— TASK BRIEF —
Each record that follows should be duplicated exactly, except for its pictures.

— DATA UNDER STUDY —

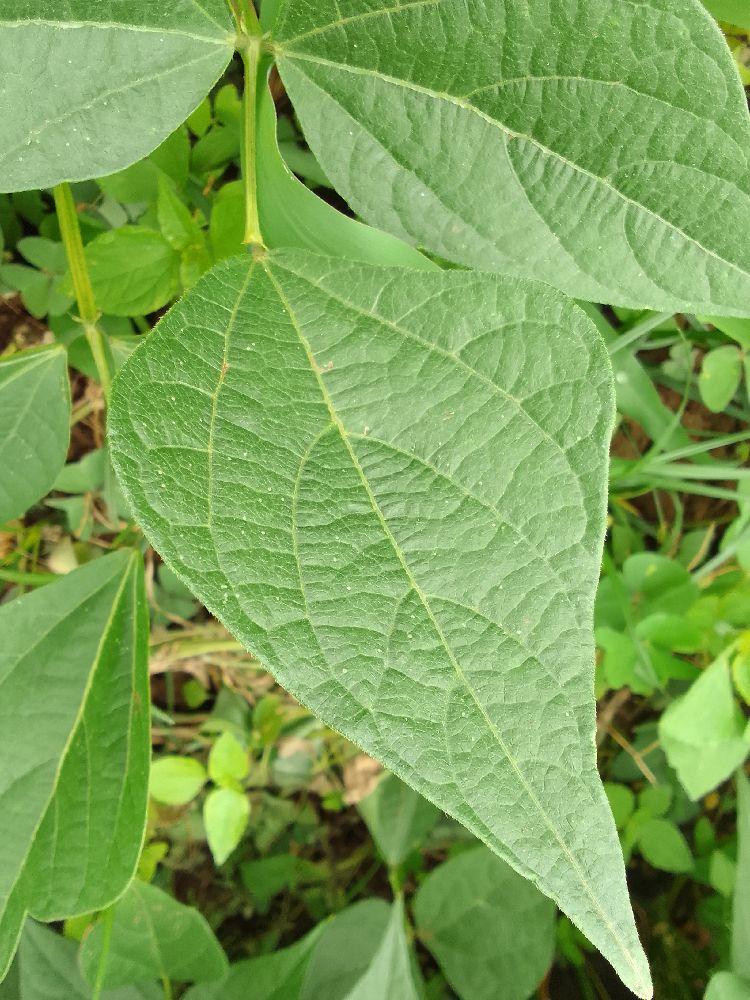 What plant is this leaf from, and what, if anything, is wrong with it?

common bean, healthy
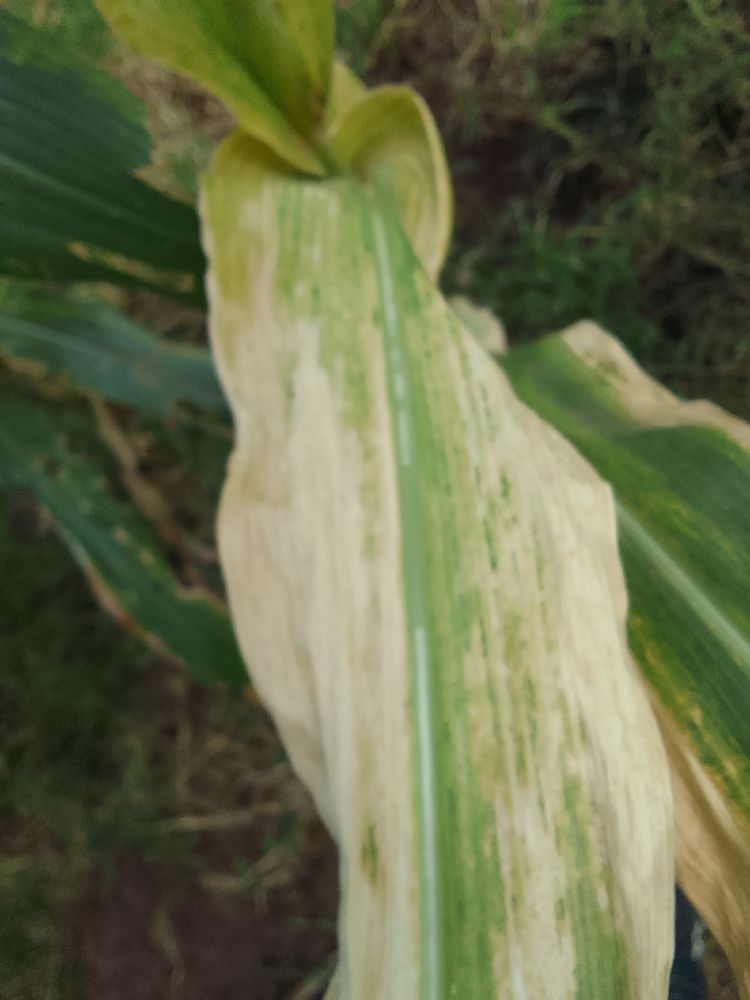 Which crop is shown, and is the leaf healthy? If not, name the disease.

maize, maize lethal necrosis
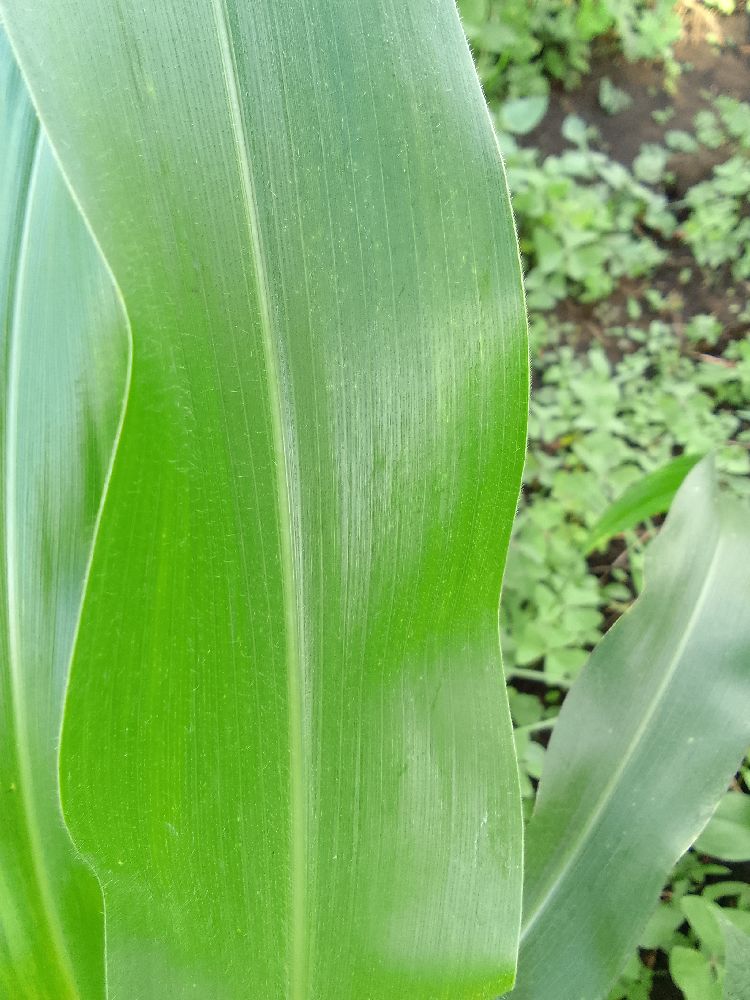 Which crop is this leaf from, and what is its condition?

— EXERCISE RESULT —
 What plant is this leaf from, and what, if anything, is wrong with it?

common bean, healthy
 Which crop is shown, and is the leaf healthy? If not, name the disease.

maize, maize lethal necrosis
 Which crop is this leaf from, and what is its condition?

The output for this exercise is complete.